_WORK INSTRUCTION:_
Print the lines below from the line with "0.0 to 2.4 s: The" to the line with "A fixed camera" exactly, keeping both ends, and print no pictures.

═══ DATA EXTRACT ═══

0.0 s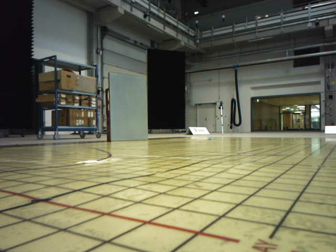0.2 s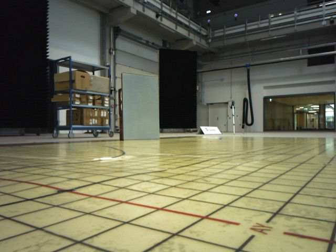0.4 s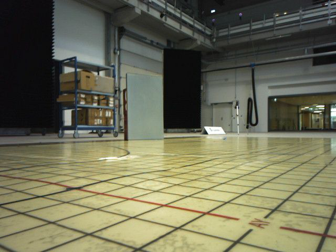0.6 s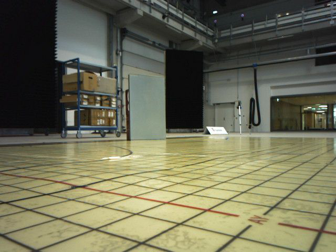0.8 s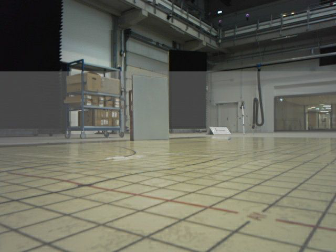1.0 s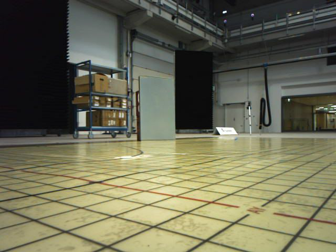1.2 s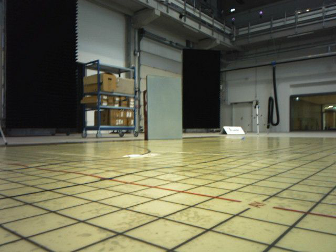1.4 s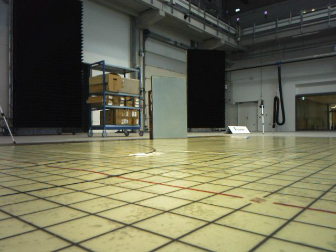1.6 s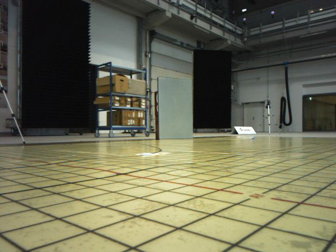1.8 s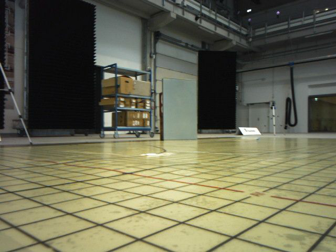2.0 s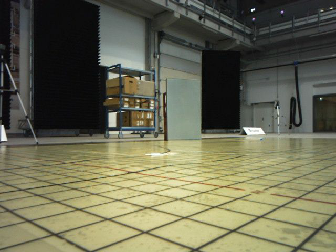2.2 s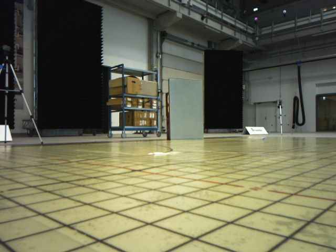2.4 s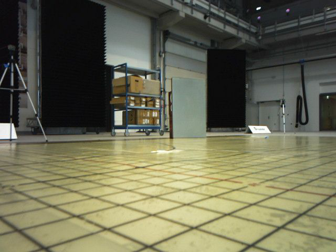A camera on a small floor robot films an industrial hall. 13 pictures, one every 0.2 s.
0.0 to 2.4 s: The scene slides to the right, as the camera pans about 10 degrees to its left. It travels backward, about 0.5 m, so what stands in front gets smaller.
The film runs backward here.
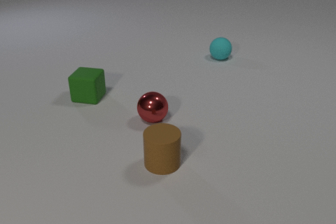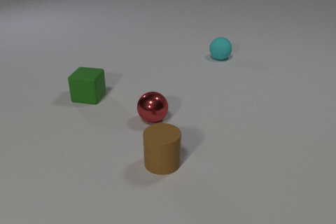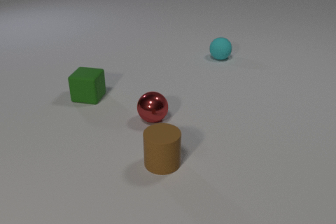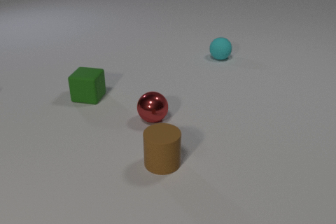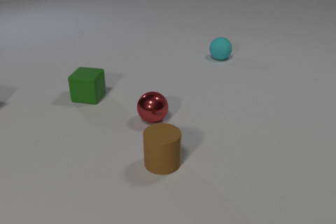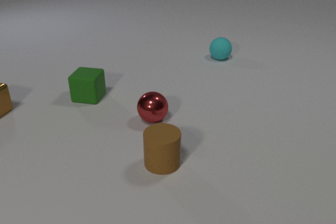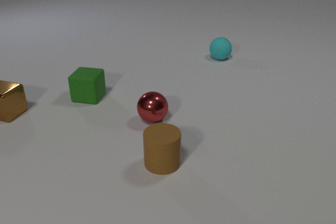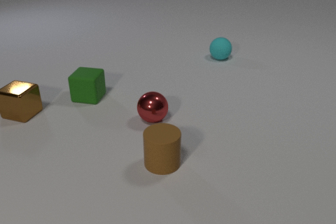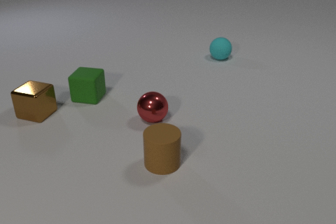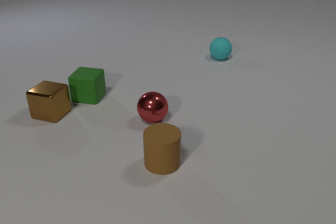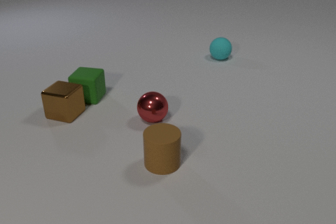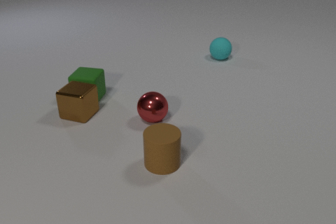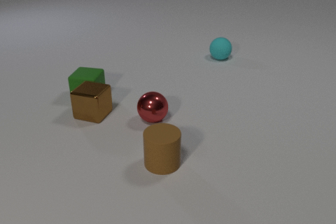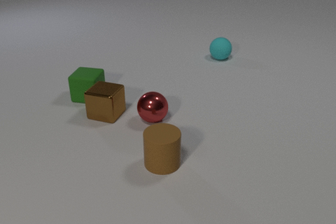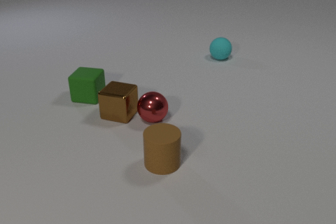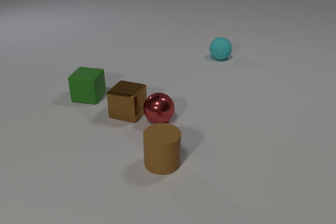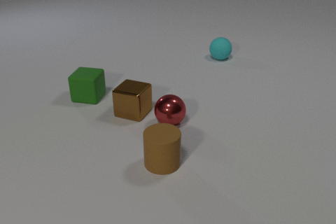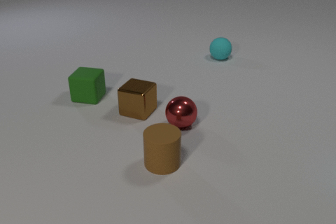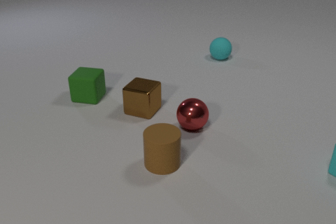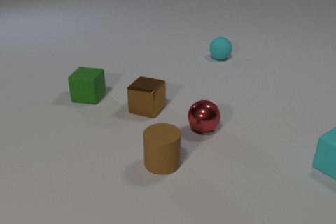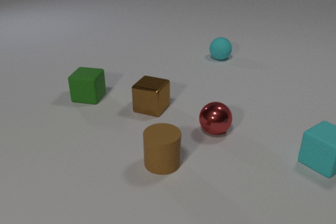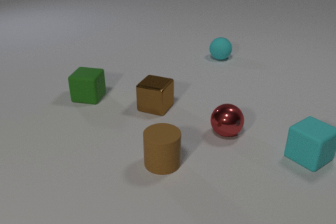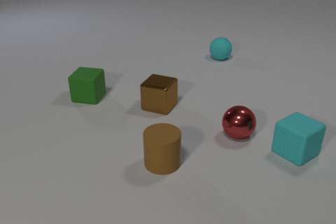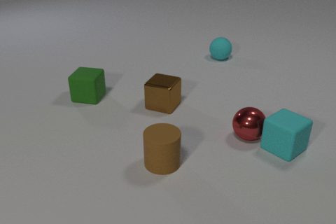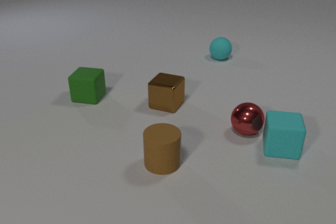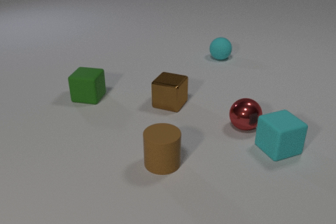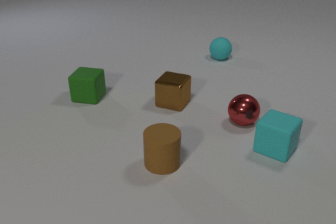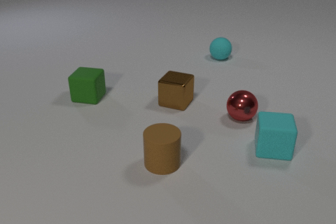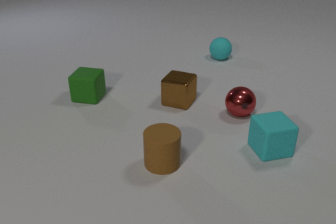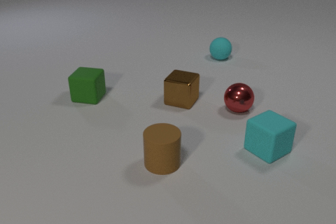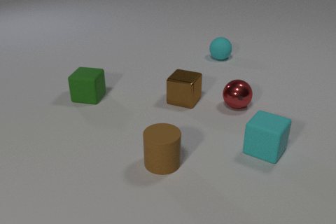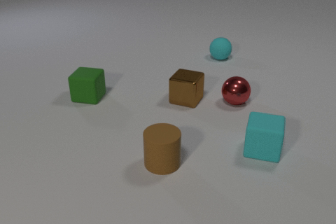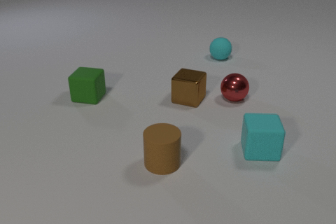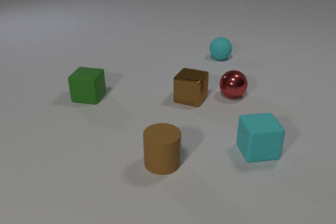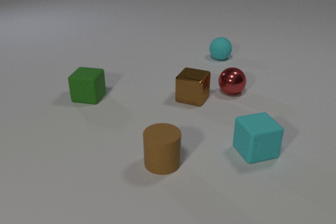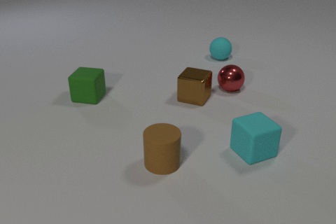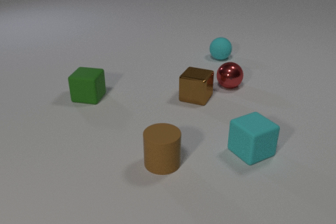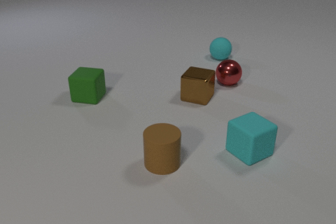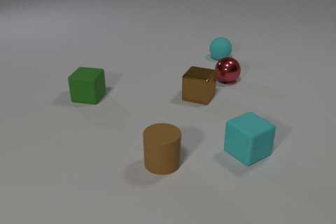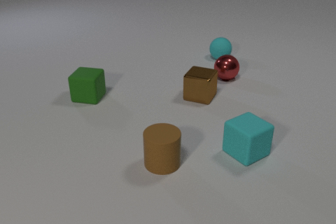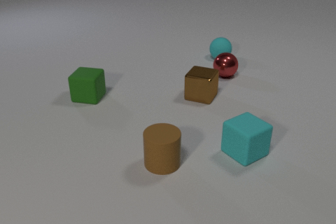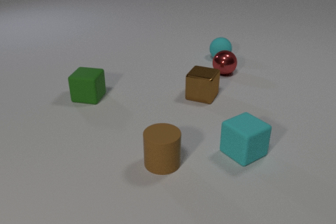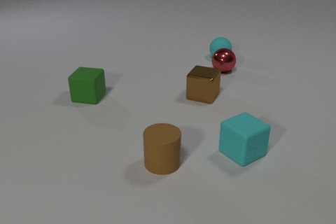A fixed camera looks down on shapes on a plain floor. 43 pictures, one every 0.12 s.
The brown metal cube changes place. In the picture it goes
to the right.
The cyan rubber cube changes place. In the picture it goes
to the left.
0.00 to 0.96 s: The brown metal cube comes in at the left edge, slides to the right and toward the camera.
0.96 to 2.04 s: The brown metal cube slides to the right. The red metal sphere rolls to the right. The brown metal cube and the red metal sphere collide.
2.04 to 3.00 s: The brown metal cube slides to the right and away from the camera. The red metal sphere rolls to the right. The cyan rubber cube comes in at the right edge, slides to the left. The red metal sphere and the cyan rubber cube collide.
3.00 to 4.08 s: The brown metal cube slides to the right and away from the camera. The red metal sphere rolls away from the camera. The cyan rubber cube slides to the left and toward the camera.
4.08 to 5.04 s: The brown metal cube slides to the right and away from the camera. The red metal sphere rolls away from the camera. The cyan rubber cube slides to the left.
How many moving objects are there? 3.
What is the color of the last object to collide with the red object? cyan.
What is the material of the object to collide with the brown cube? metal.
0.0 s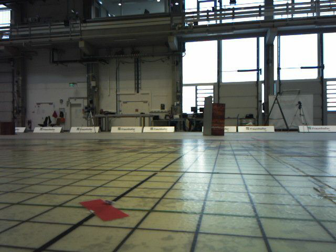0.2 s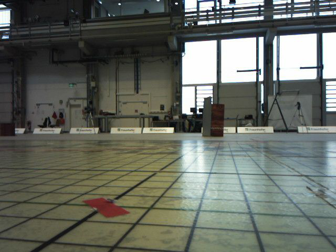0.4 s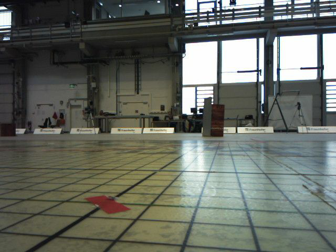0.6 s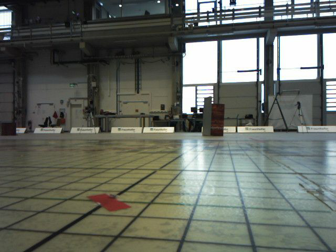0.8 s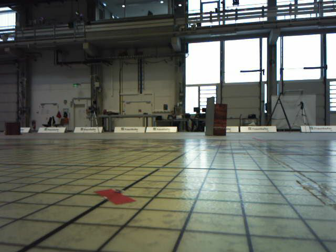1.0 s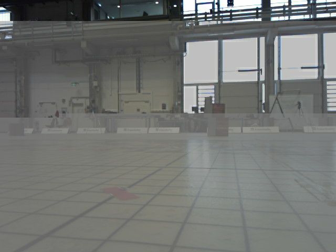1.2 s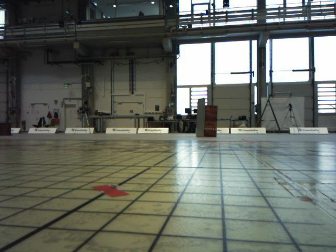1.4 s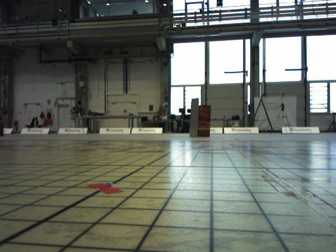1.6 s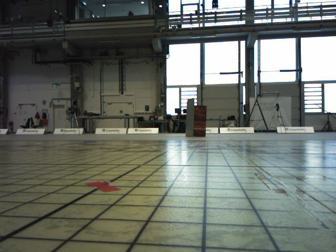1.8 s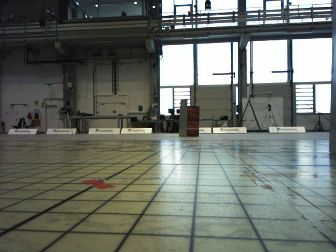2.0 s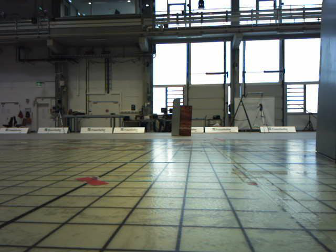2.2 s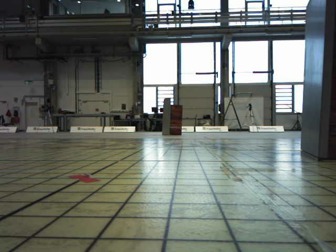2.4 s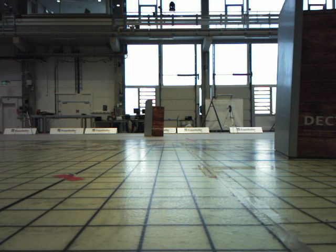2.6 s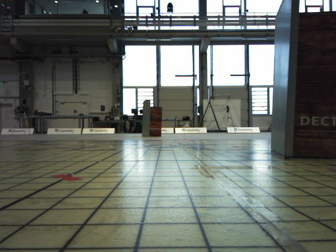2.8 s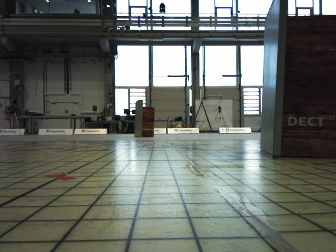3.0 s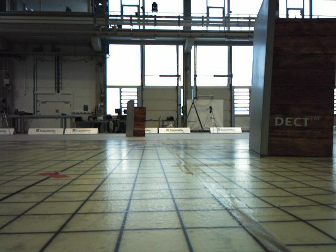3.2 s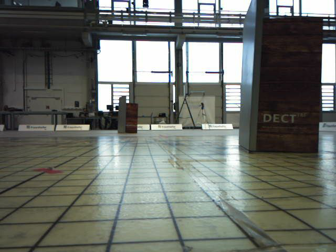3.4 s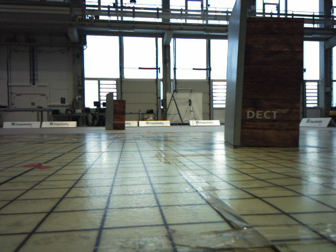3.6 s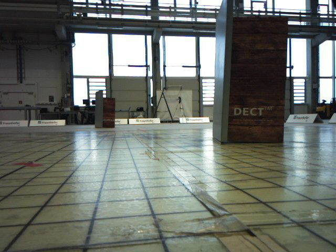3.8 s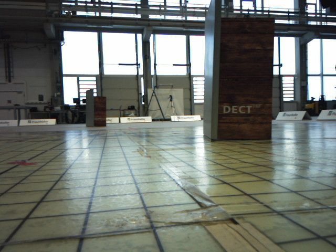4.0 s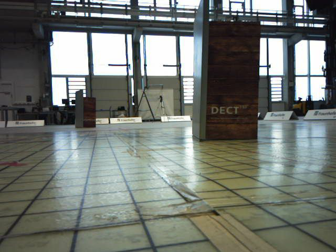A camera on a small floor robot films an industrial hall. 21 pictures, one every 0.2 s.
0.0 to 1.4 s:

═══

_OUTPUT OF THE EXERCISE:_
0.0 to 2.4 s: The scene slides to the right, as the camera pans about 10 degrees to its left. It travels backward, about 0.5 m, so what stands in front gets smaller.
The film runs backward here.
A fixed camera looks down on shapes on a plain floor. 43 pictures, one every 0.12 s.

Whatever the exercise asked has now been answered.